Ok, this is a bit off topic for this list but a good review (and Python introduction) for me.
First a look at the ascii table (see link):
http://www.lookuptables.com/
I think it is useful to break the numbers ( 0 to 9 ) and the capital and small letters ( A B C and a b c should be enough) down to binary since it shows how they fit in the sequence.
With that as a base time to diverge into the modern world of UTF-X(Xs):
http://www.jorendorff.com/articles/unicode/python.html
Now back to the Python basics of ascii (note, I am a Python learner like yourself not a programmer):
http://python.active-venture.com/lib/module-curses.ascii.html
The above is kind of a toolkit to analyze (parse when decisions are made per results) ascii characters.
Now as I have been typing I have been producing ascii characters.
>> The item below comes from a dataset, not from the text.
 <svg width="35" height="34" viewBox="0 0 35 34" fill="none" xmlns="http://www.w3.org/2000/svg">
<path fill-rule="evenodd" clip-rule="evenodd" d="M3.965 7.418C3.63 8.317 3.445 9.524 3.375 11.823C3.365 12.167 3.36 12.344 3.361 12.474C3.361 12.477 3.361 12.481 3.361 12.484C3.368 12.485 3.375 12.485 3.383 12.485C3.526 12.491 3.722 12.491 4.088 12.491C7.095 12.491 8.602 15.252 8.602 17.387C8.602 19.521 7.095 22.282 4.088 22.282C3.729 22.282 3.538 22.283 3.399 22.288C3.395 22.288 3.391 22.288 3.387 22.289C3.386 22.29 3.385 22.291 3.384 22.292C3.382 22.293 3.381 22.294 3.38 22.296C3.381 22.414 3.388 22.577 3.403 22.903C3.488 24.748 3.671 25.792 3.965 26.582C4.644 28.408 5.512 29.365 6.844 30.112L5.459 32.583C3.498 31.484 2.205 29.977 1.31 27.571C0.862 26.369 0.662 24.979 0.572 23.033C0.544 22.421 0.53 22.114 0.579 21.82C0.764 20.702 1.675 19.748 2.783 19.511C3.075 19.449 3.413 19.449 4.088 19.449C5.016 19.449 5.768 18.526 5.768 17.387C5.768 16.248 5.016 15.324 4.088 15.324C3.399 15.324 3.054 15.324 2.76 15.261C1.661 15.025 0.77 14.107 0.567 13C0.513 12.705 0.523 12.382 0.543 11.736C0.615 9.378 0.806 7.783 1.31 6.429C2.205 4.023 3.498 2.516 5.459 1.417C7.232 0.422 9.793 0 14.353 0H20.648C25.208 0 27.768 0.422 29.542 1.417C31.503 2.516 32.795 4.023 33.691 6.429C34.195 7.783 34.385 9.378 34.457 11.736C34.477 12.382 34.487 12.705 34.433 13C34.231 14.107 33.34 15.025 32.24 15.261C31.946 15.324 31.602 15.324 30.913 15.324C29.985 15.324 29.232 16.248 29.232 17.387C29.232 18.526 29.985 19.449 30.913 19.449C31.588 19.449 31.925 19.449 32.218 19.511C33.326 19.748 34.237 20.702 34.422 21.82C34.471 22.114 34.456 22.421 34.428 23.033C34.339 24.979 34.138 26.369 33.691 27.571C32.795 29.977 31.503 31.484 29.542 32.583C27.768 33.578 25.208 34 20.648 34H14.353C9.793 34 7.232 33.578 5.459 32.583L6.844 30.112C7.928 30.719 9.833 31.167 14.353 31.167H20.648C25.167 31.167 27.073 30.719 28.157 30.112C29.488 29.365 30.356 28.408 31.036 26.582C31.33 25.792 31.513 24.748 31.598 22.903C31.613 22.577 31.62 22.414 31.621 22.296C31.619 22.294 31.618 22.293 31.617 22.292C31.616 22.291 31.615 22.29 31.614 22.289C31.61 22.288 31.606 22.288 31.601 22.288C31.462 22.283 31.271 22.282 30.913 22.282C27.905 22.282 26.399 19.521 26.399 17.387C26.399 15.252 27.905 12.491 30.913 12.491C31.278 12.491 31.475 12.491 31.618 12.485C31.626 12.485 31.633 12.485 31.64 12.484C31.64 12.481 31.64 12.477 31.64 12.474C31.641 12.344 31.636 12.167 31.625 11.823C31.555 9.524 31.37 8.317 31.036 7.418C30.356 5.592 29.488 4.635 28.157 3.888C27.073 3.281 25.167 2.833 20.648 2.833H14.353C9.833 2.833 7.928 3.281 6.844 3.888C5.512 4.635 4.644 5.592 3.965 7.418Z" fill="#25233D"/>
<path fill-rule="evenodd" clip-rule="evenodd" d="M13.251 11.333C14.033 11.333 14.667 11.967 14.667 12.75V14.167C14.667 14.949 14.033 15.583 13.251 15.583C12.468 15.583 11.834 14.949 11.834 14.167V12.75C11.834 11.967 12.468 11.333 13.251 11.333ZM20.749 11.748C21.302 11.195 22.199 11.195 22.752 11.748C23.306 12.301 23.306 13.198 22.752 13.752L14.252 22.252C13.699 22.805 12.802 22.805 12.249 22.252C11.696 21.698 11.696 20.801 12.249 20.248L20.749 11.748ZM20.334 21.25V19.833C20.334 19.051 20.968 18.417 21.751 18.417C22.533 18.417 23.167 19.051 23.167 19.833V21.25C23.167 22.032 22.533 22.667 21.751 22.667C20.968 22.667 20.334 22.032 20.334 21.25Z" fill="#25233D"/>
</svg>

To see a list of which characters are mapped to which key (man keymaps) do a (from a terminal window):
[user]$ dumpkeys -l > longDumpKeys
[user]$ less longDumpKeys
This uses the "dumpkeys" utility to see the mapping of ascii characters to key press and places the results in the file "longDumpKeys" then "less longDumpKeys" reads the results one screen at a time (up and down arrow to move -- q to quit) viewing of the results.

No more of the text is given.